- _Problem to solve_: Print every entry exactly as written and exclude all images.

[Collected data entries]
....

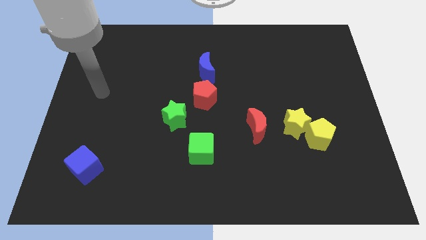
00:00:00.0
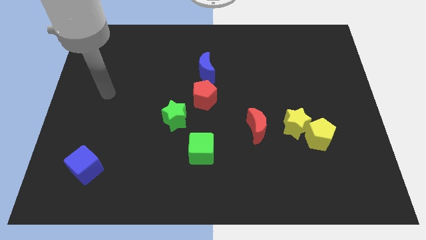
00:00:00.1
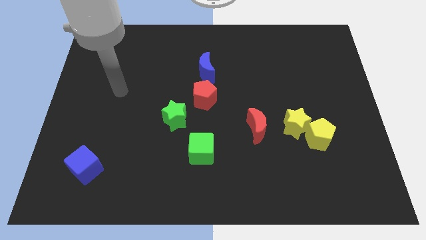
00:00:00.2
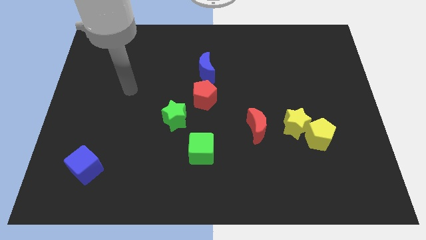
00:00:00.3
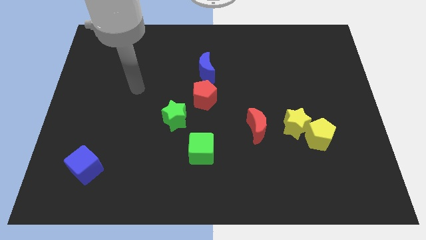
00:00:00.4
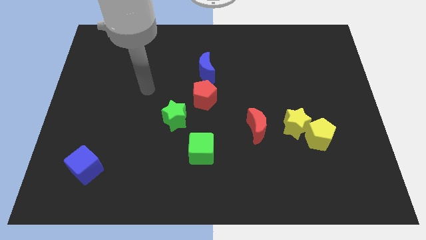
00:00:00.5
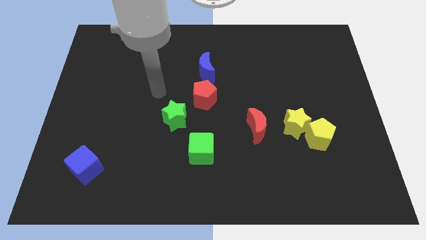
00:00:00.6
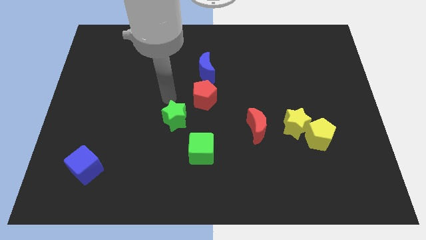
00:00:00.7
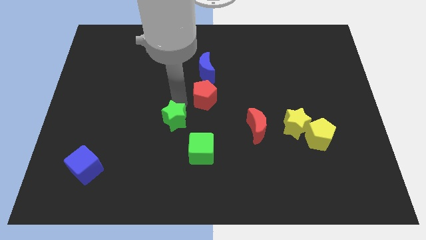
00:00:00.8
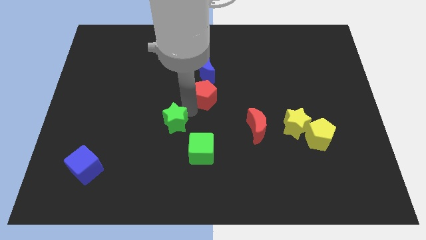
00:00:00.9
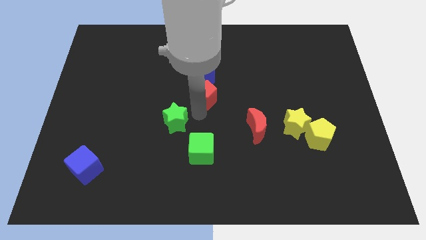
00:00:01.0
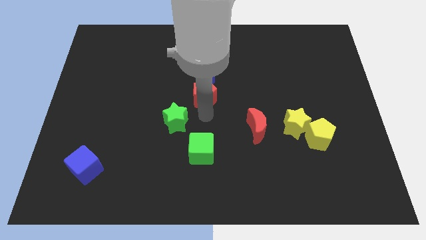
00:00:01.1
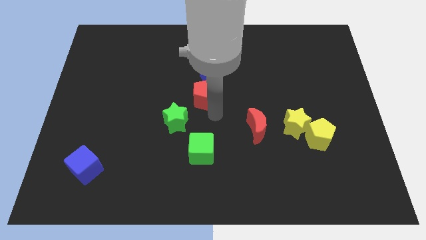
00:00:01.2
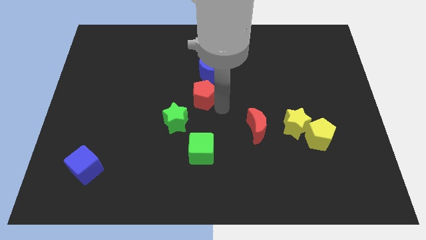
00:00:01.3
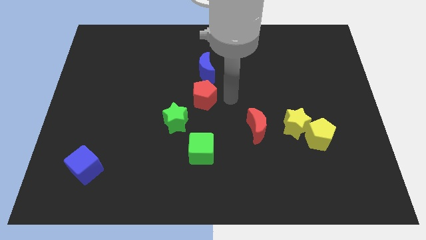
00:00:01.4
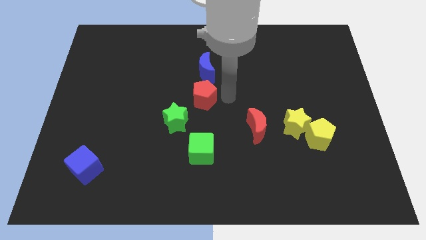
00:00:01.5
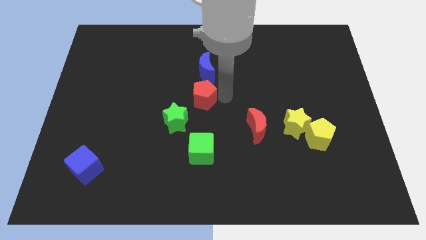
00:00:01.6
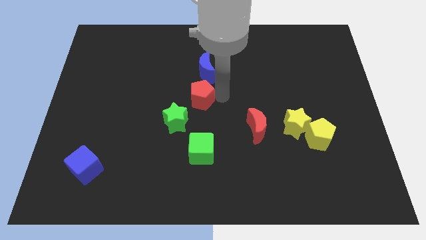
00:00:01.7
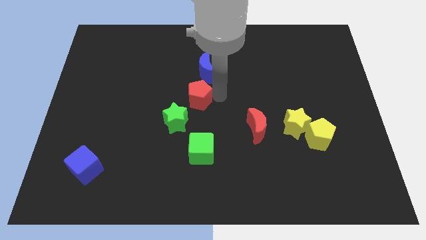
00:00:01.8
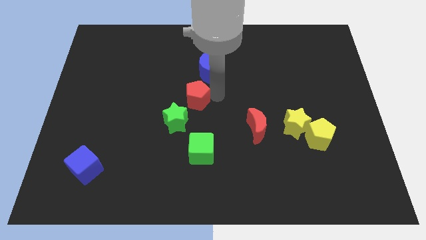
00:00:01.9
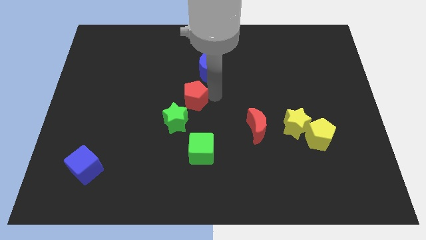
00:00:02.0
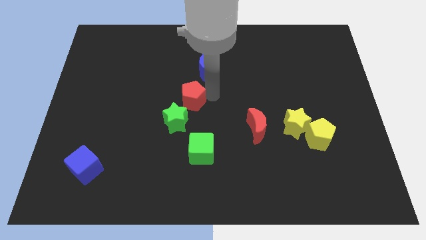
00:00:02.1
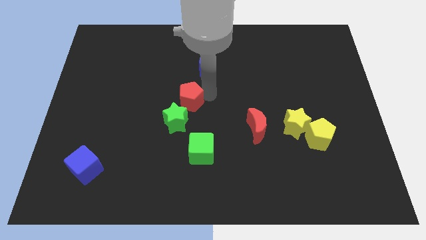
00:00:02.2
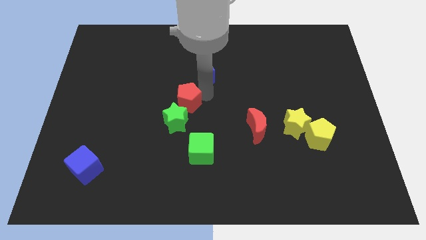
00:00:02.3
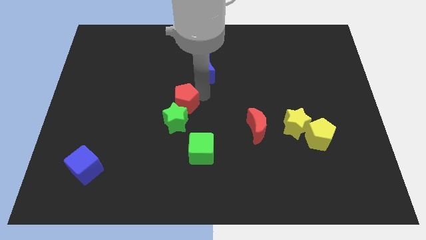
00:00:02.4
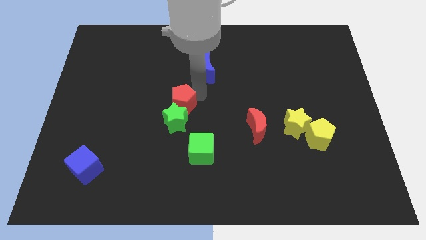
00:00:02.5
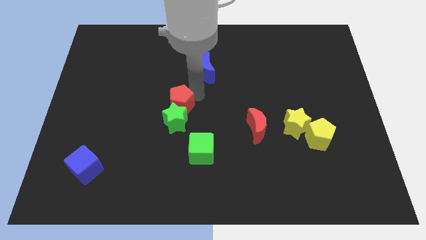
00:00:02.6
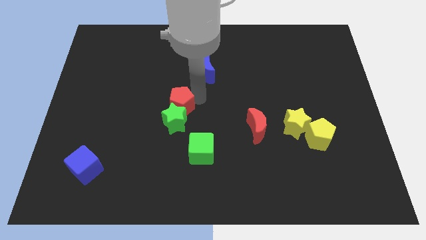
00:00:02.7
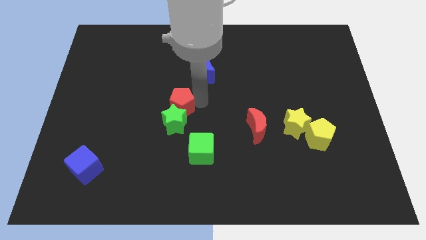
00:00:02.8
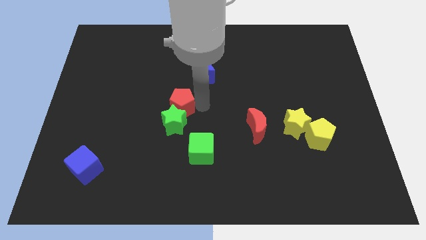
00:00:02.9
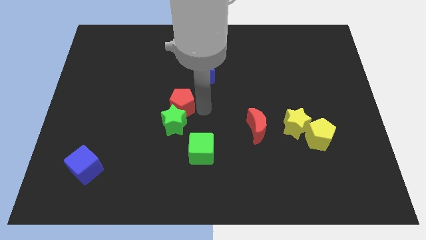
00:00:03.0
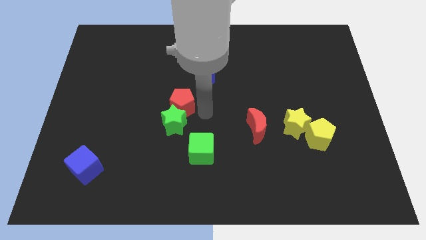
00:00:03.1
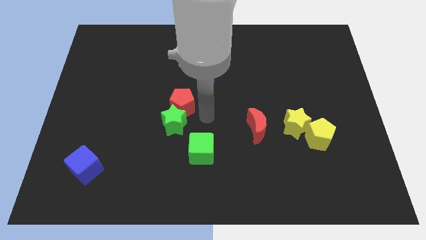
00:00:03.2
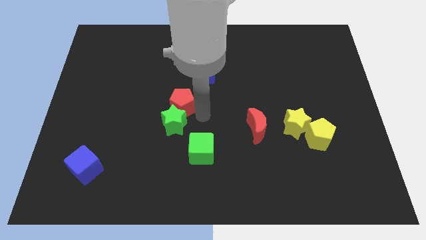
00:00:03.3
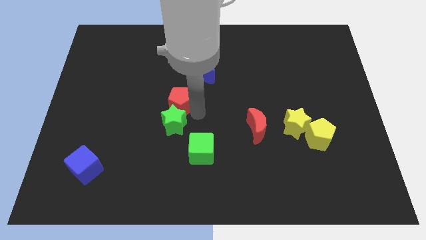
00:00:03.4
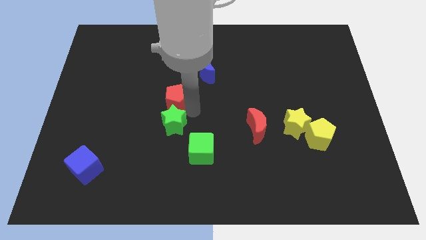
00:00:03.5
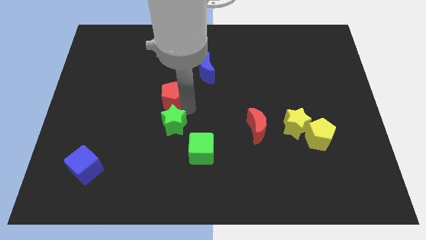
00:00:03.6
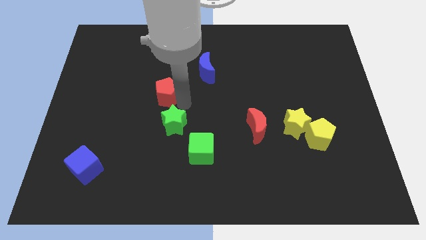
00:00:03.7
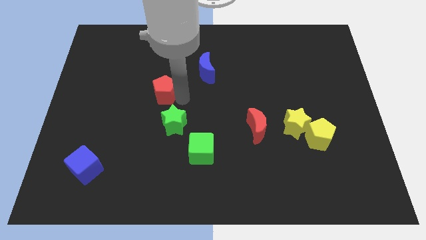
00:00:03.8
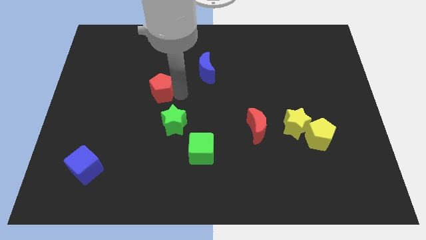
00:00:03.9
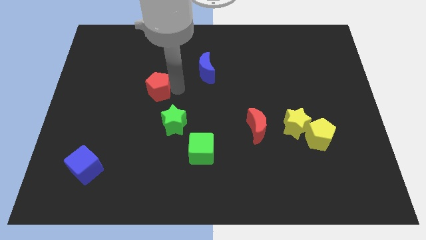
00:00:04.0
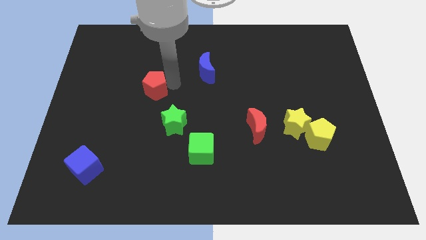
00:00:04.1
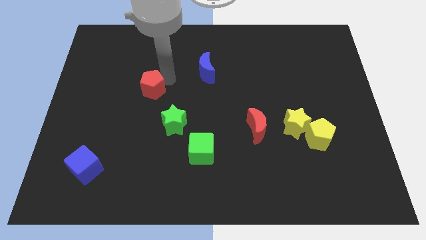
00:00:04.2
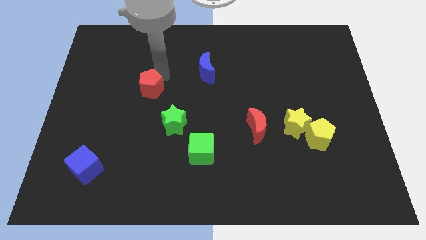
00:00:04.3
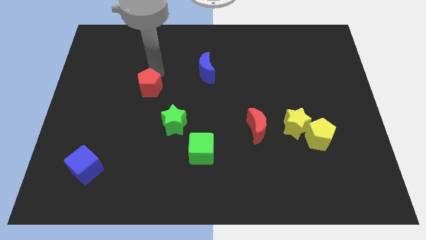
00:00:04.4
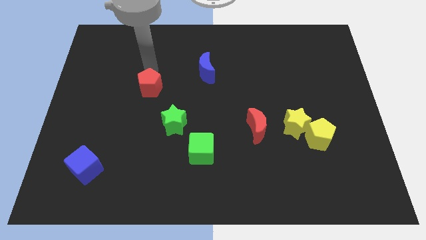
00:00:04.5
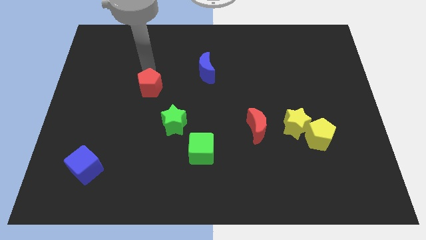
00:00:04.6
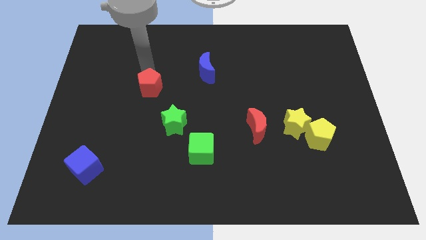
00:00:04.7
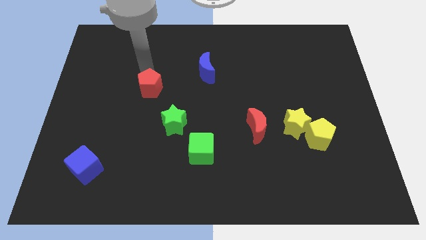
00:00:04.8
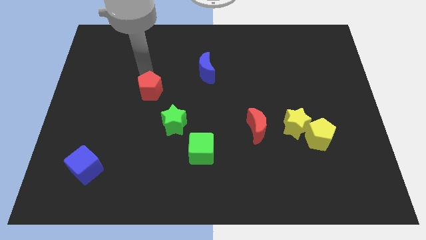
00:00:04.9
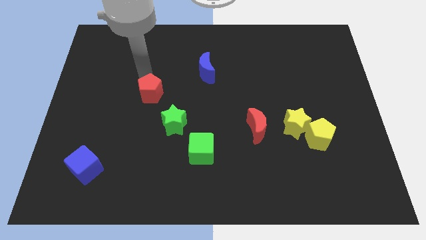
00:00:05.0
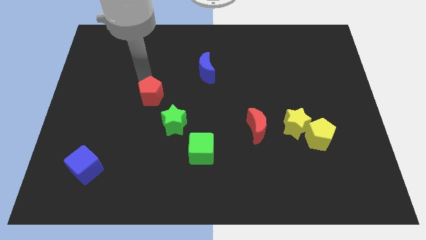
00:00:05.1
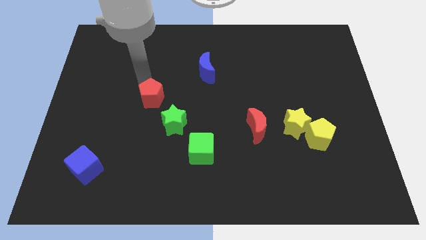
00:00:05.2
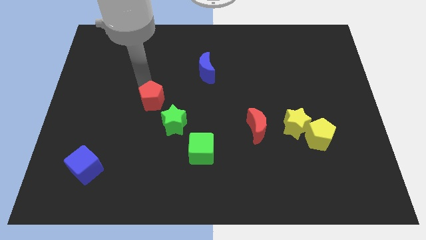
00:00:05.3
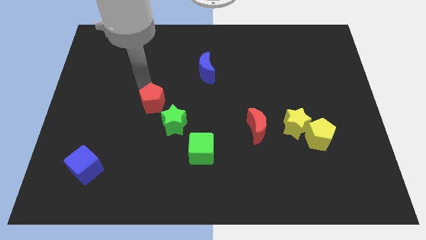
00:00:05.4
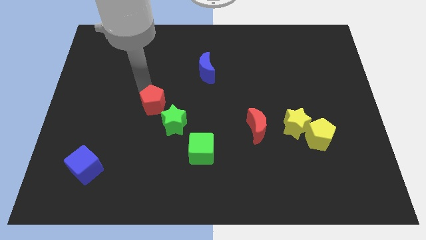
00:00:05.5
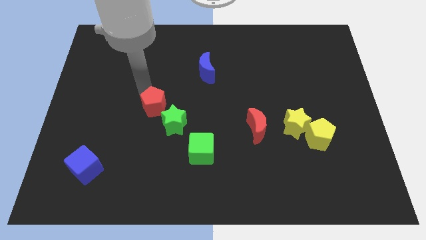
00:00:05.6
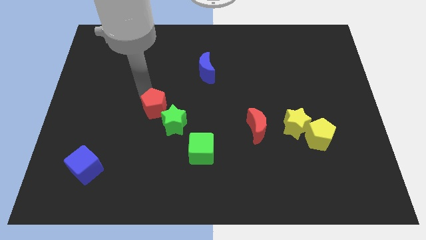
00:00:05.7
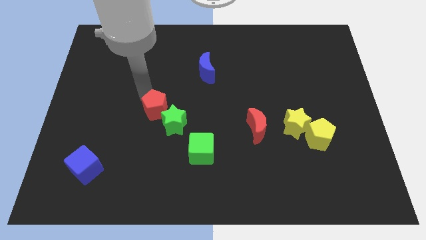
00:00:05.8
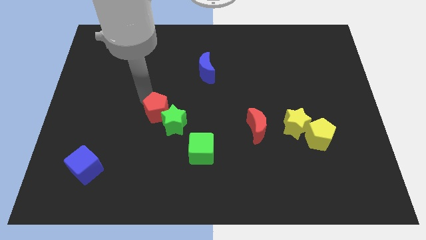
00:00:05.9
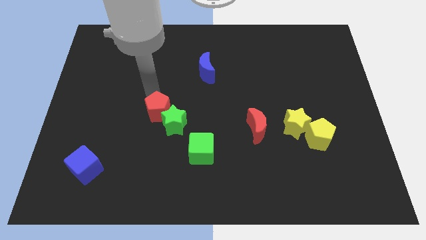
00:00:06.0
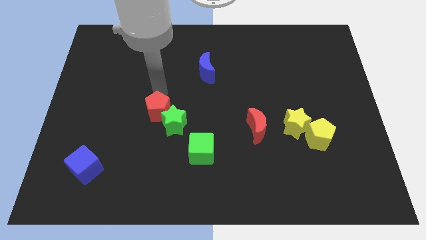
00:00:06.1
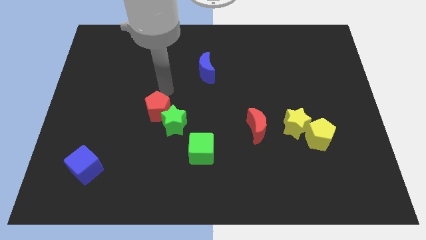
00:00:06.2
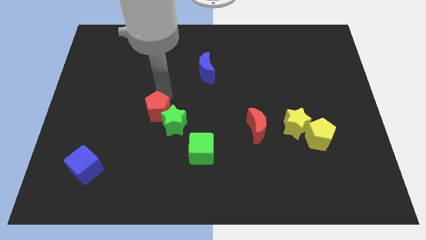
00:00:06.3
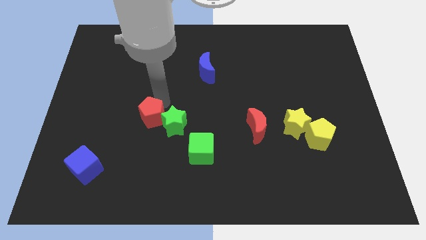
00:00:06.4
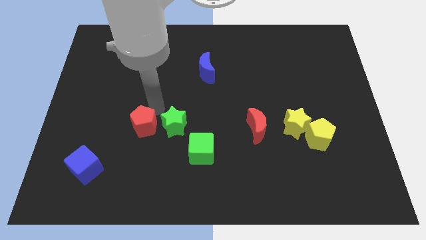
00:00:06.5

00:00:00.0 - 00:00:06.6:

....

- _Problem solution_:
00:00:00.0
00:00:00.1
00:00:00.2
00:00:00.3
00:00:00.4
00:00:00.5
00:00:00.6
00:00:00.7
00:00:00.8
00:00:00.9
00:00:01.0
00:00:01.1
00:00:01.2
00:00:01.3
00:00:01.4
00:00:01.5
00:00:01.6
00:00:01.7
00:00:01.8
00:00:01.9
00:00:02.0
00:00:02.1
00:00:02.2
00:00:02.3
00:00:02.4
00:00:02.5
00:00:02.6
00:00:02.7
00:00:02.8
00:00:02.9
00:00:03.0
00:00:03.1
00:00:03.2
00:00:03.3
00:00:03.4
00:00:03.5
00:00:03.6
00:00:03.7
00:00:03.8
00:00:03.9
00:00:04.0
00:00:04.1
00:00:04.2
00:00:04.3
00:00:04.4
00:00:04.5
00:00:04.6
00:00:04.7
00:00:04.8
00:00:04.9
00:00:05.0
00:00:05.1
00:00:05.2
00:00:05.3
00:00:05.4
00:00:05.5
00:00:05.6
00:00:05.7
00:00:05.8
00:00:05.9
00:00:06.0
00:00:06.1
00:00:06.2
00:00:06.3
00:00:06.4
00:00:06.5

00:00:00.0 - 00:00:06.6:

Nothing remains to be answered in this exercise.